We "did" the west coast last summer, following a family wedding in Teesside. We took A686 (Wear valley) as a more scenic route across country. First night was Sandyhills (W of Dumfries) - pleasant but expensive (£18?).

Then a CCC THS at Sandhead - boring; CC site at New England looked much better - on loch side. Galloway peninsula was nice, especially Portpatrick. Stranraer was OK for shopping. The coast road to CCC Culzean Castle was easy. Ayr was busy with cheap fuel.

Transitting Glasgow, past Loch Lomond, Luss was the only site we couldn't get onto with 3 hours notice. CCC Ardgarten (now closed) was lovely.

The A83 past Inverary was scenic, but few stopping places. A816 has ancient sites near Kilmartin. The run up past Oban to Bunree (wonderful site - ask for lochside pitch, but no awning/windbreak allowed) then over the Corran ferry had us worried about single-track roads - NO PROBLEM (6m A Class).

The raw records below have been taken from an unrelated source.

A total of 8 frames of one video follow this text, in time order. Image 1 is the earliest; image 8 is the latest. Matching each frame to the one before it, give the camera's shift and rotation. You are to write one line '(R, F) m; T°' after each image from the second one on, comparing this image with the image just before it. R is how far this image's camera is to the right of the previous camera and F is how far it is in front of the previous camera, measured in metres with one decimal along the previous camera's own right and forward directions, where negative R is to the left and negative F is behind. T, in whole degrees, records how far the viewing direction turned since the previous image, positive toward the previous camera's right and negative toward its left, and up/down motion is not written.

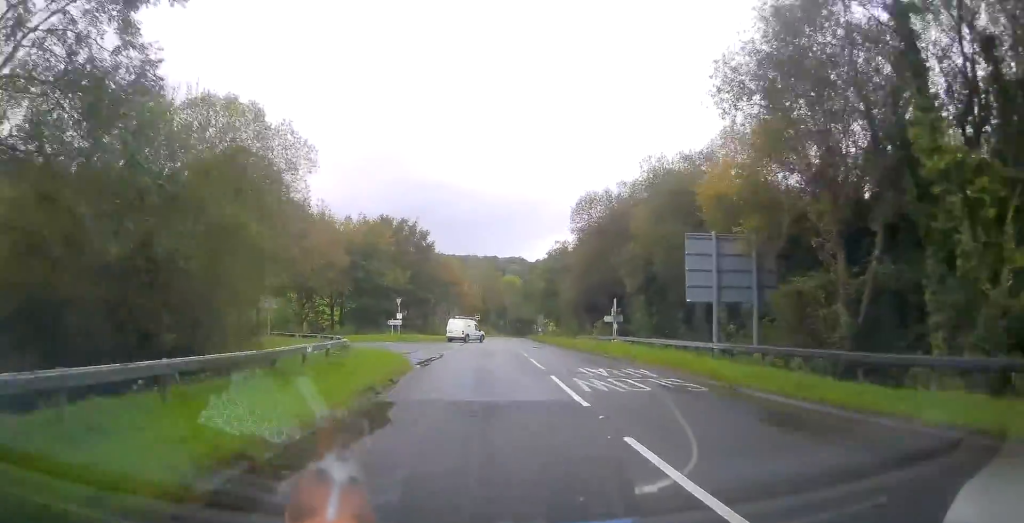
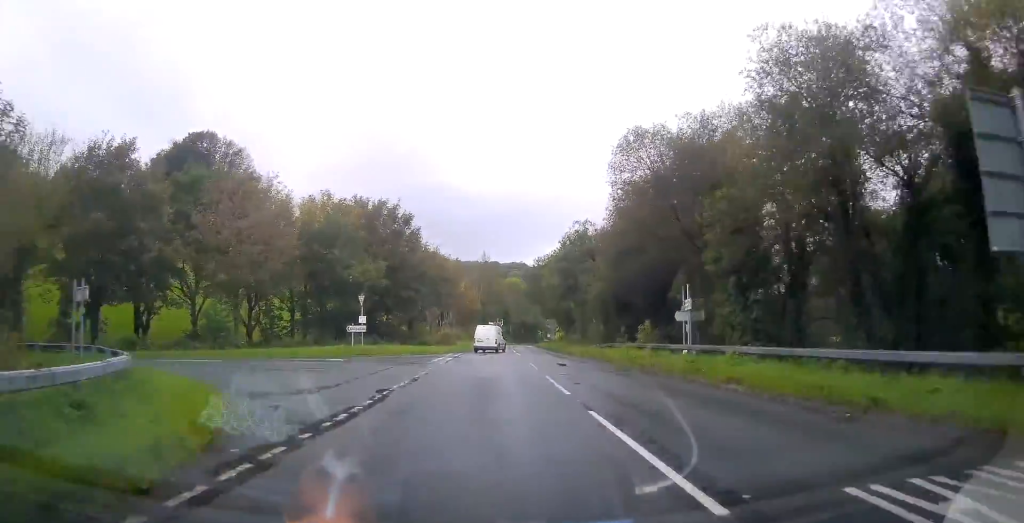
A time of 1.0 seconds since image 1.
(-0.2, +15.3) m; -1°
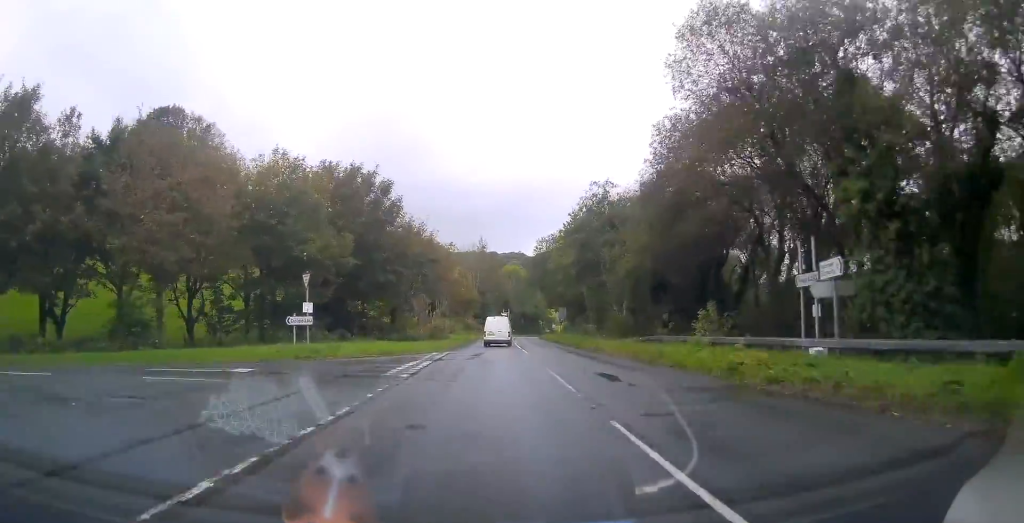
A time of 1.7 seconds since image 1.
(0.0, +10.9) m; +1°
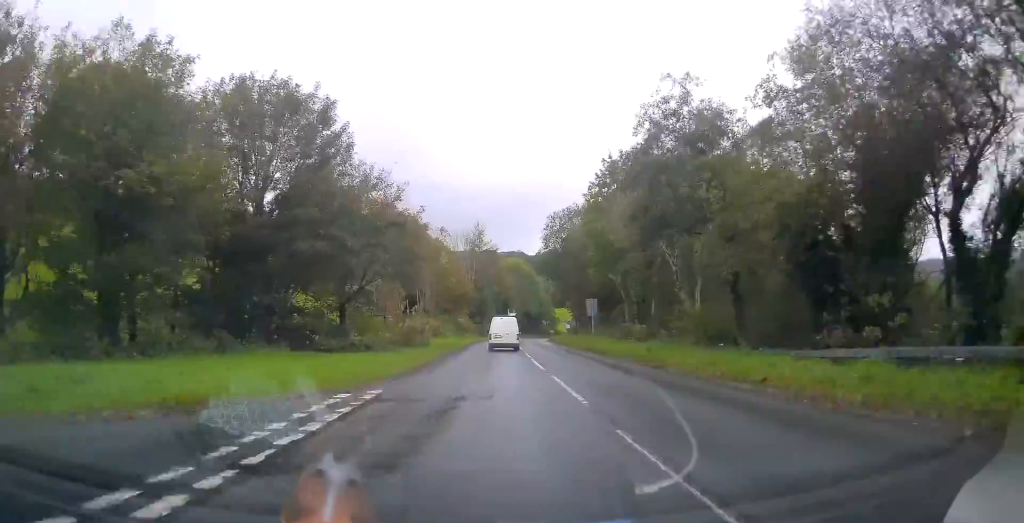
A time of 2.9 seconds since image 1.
(+0.3, +18.5) m; 0°
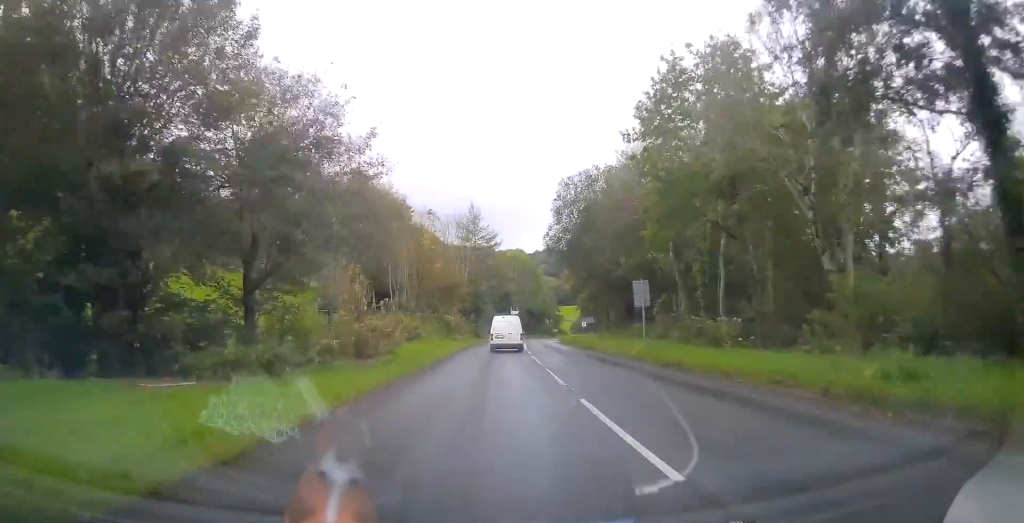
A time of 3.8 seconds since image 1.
(-0.3, +14.5) m; 0°
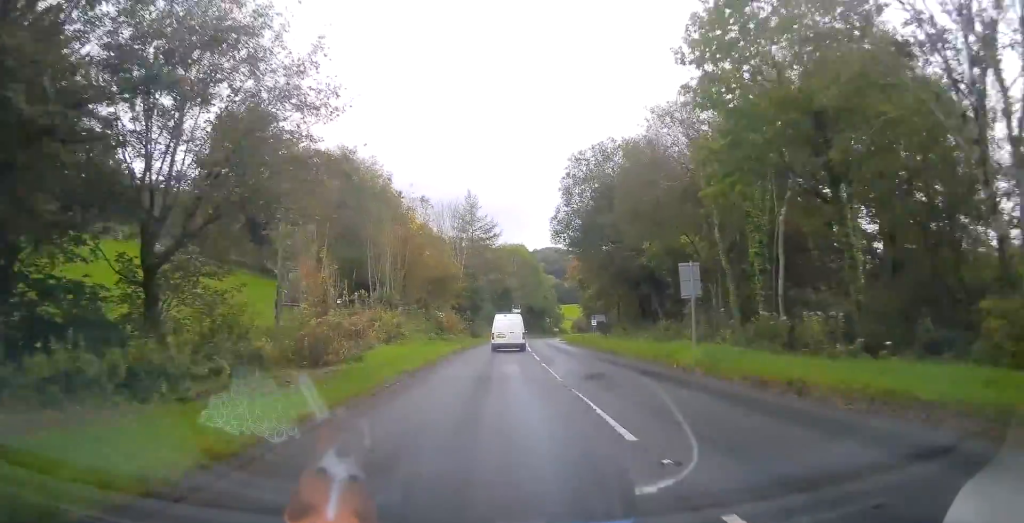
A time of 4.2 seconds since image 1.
(-0.4, +7.0) m; 0°
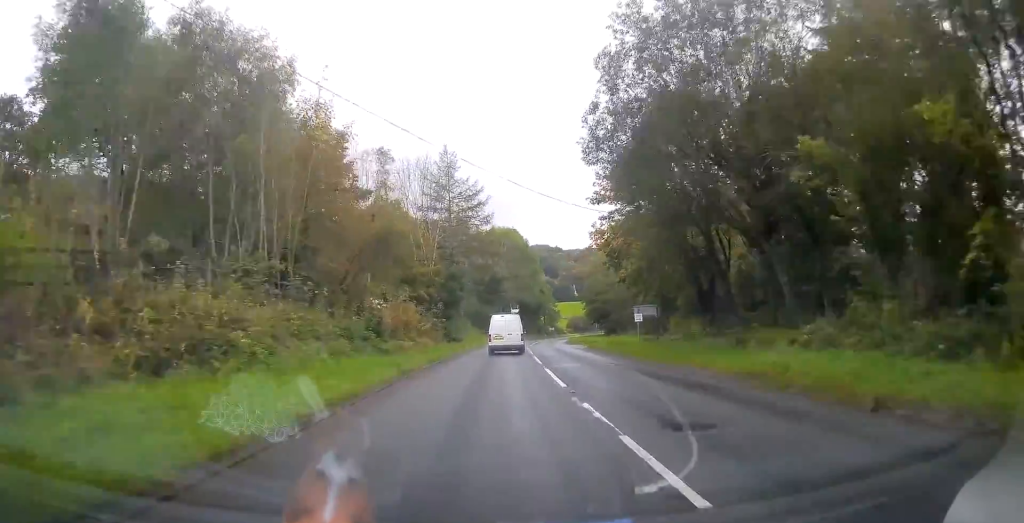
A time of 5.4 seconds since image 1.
(+0.9, +20.6) m; +2°
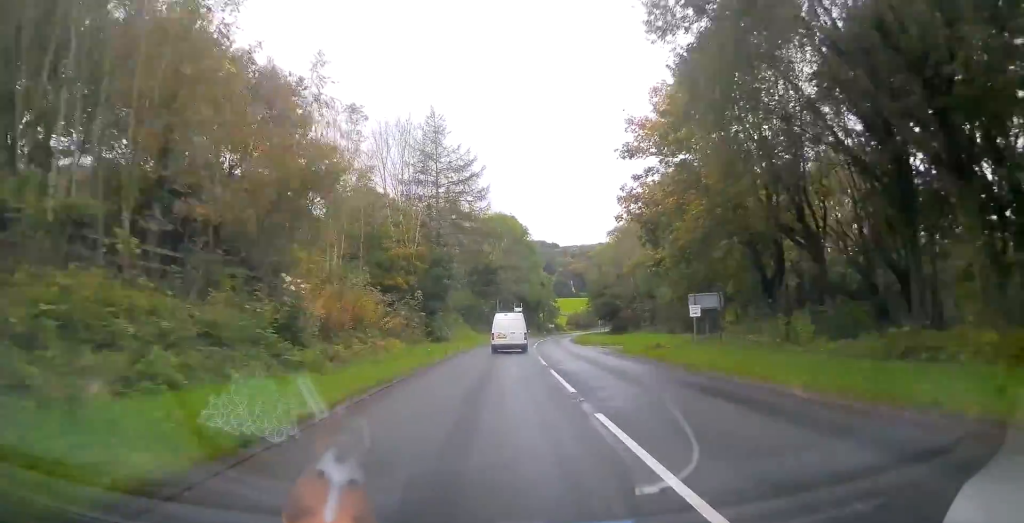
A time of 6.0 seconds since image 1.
(-0.2, +10.3) m; -1°
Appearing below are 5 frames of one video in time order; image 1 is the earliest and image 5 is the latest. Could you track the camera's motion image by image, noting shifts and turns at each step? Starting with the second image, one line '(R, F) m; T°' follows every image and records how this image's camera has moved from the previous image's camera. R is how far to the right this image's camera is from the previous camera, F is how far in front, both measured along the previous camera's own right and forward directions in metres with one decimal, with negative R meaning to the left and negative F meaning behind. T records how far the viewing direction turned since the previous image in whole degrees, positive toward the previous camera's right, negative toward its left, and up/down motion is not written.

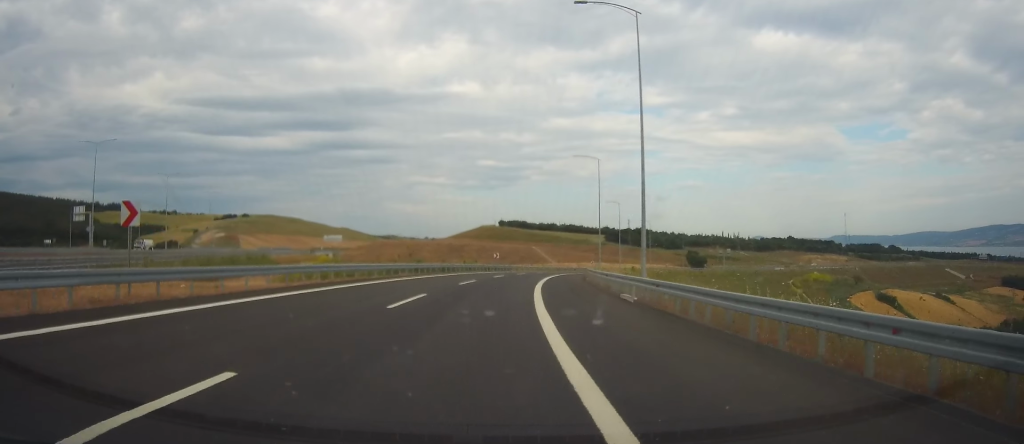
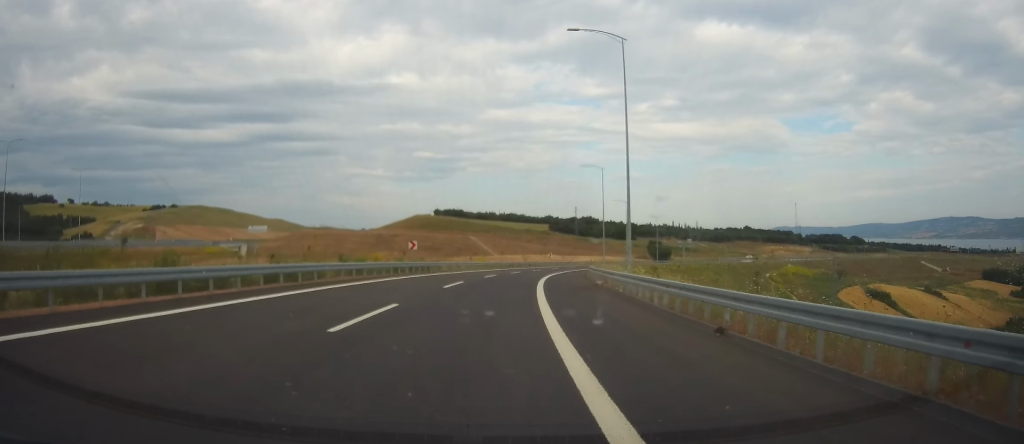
(+1.0, +38.9) m; +5°
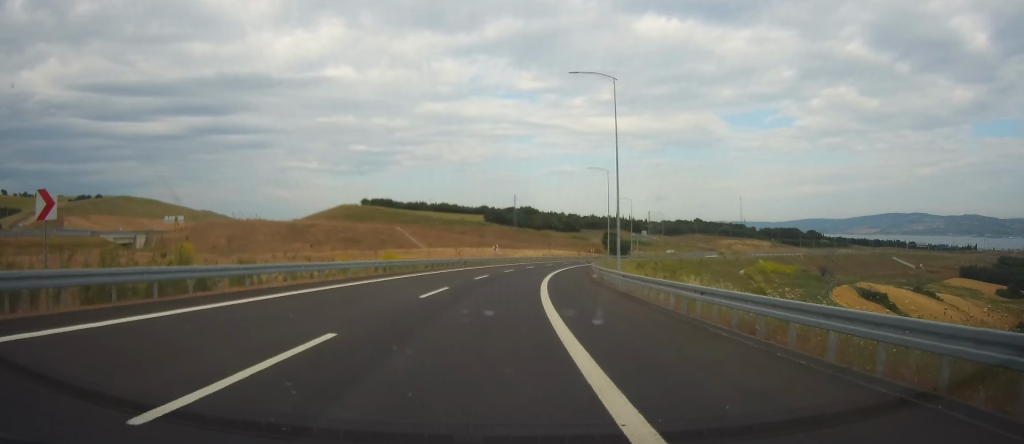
(+2.7, +39.7) m; +6°
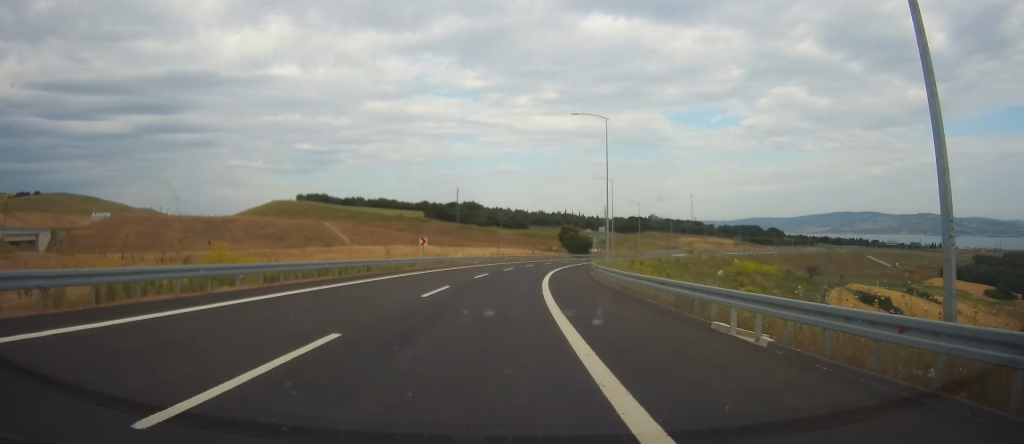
(+0.8, +33.1) m; +4°
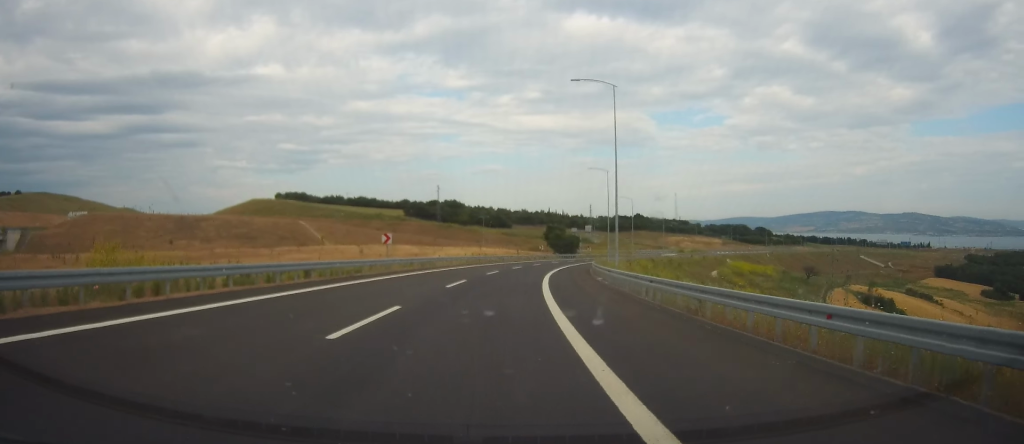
(+0.3, +9.8) m; +2°
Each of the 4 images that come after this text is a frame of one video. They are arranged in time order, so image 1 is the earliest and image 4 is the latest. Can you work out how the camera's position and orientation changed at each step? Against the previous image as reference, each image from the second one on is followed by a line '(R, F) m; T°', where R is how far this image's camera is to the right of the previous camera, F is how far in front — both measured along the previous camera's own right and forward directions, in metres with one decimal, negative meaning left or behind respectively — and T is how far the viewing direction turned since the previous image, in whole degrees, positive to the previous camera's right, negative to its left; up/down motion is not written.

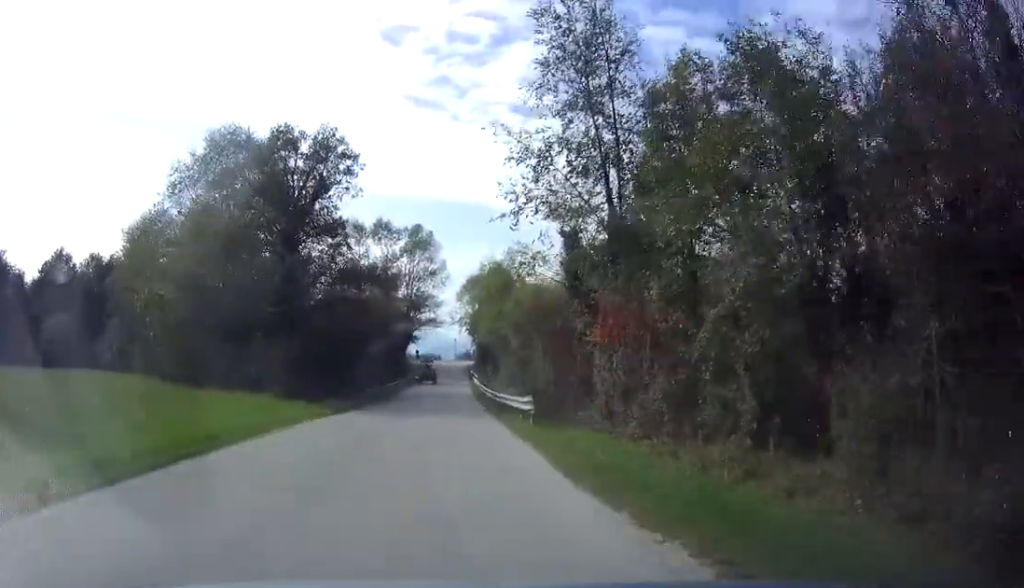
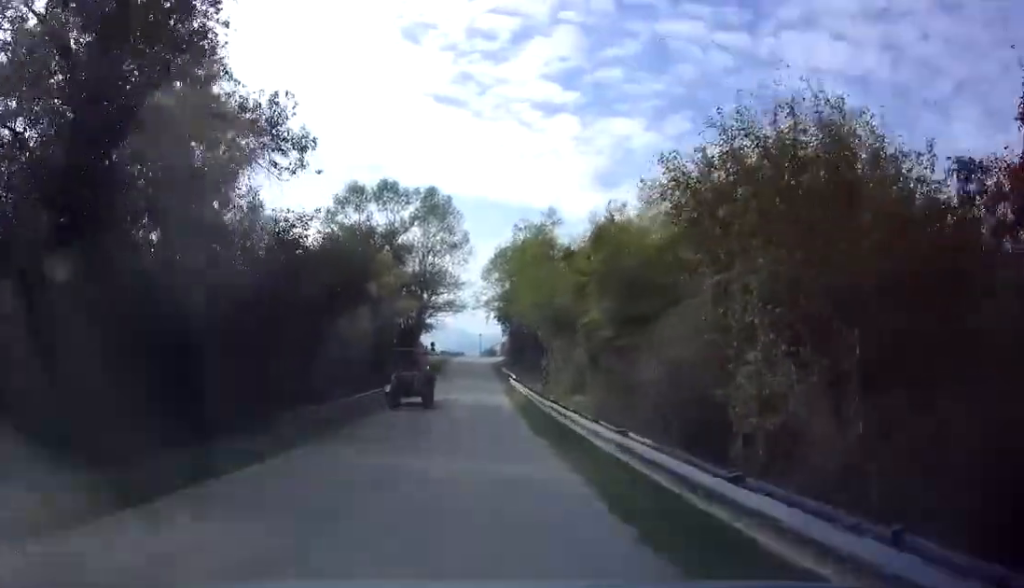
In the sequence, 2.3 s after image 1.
(-0.9, +18.6) m; -6°
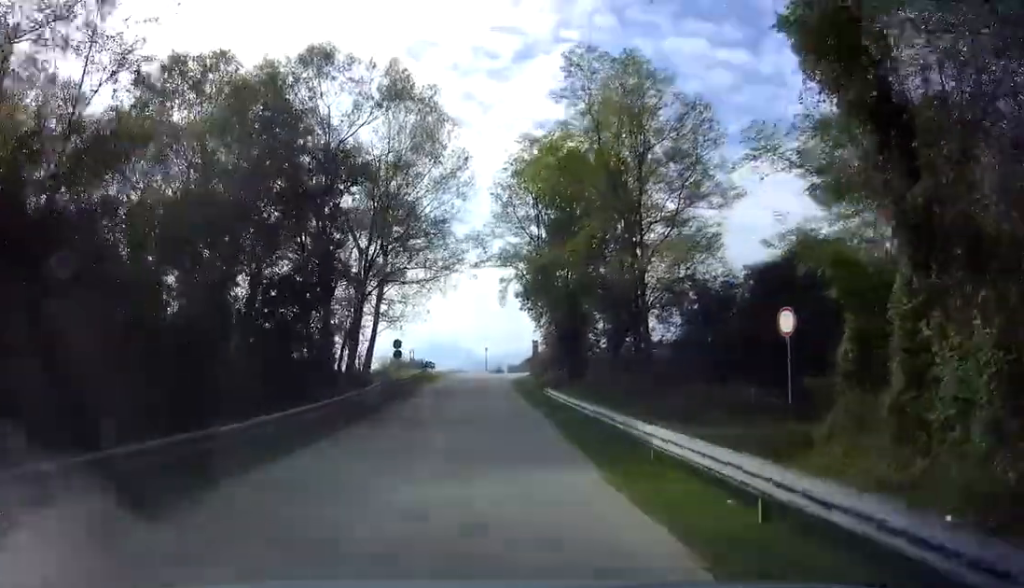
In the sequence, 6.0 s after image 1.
(+0.9, +35.4) m; +1°
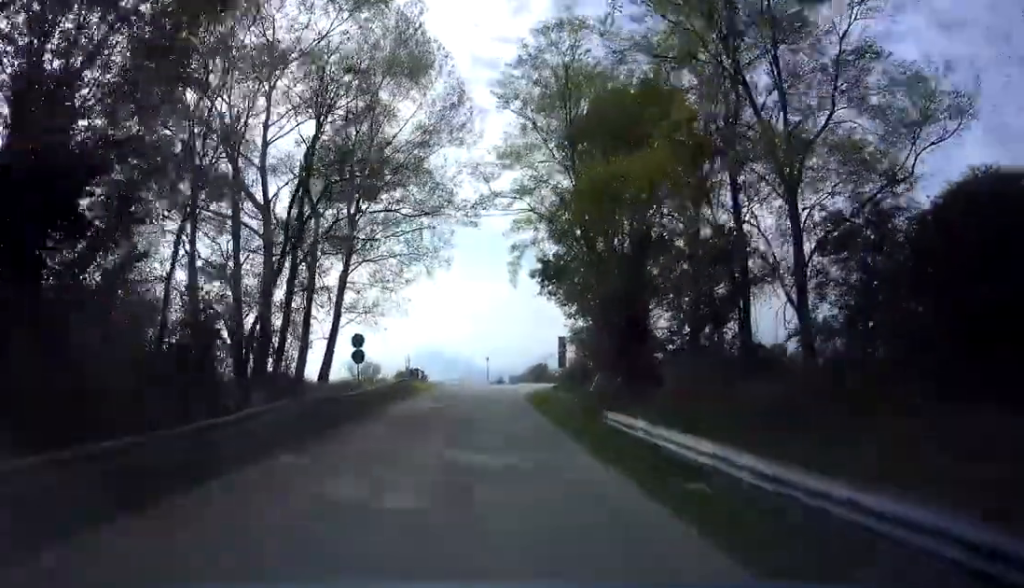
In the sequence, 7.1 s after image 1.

Ferry from Mallaig to Skye was expensive (£35?) but worth it. Main roads on Skye were good, but even single-track ones were no problem.

We then went to the East coast (CCC Rosemarkie) to see the Moray dolphins.

Our trip was mid-July last year and we had no problems getting onto sites by phoning at about 10am that day. The midges were only a pest at Bunree, but only as the Sun set.

Enjoy - Gordon


----------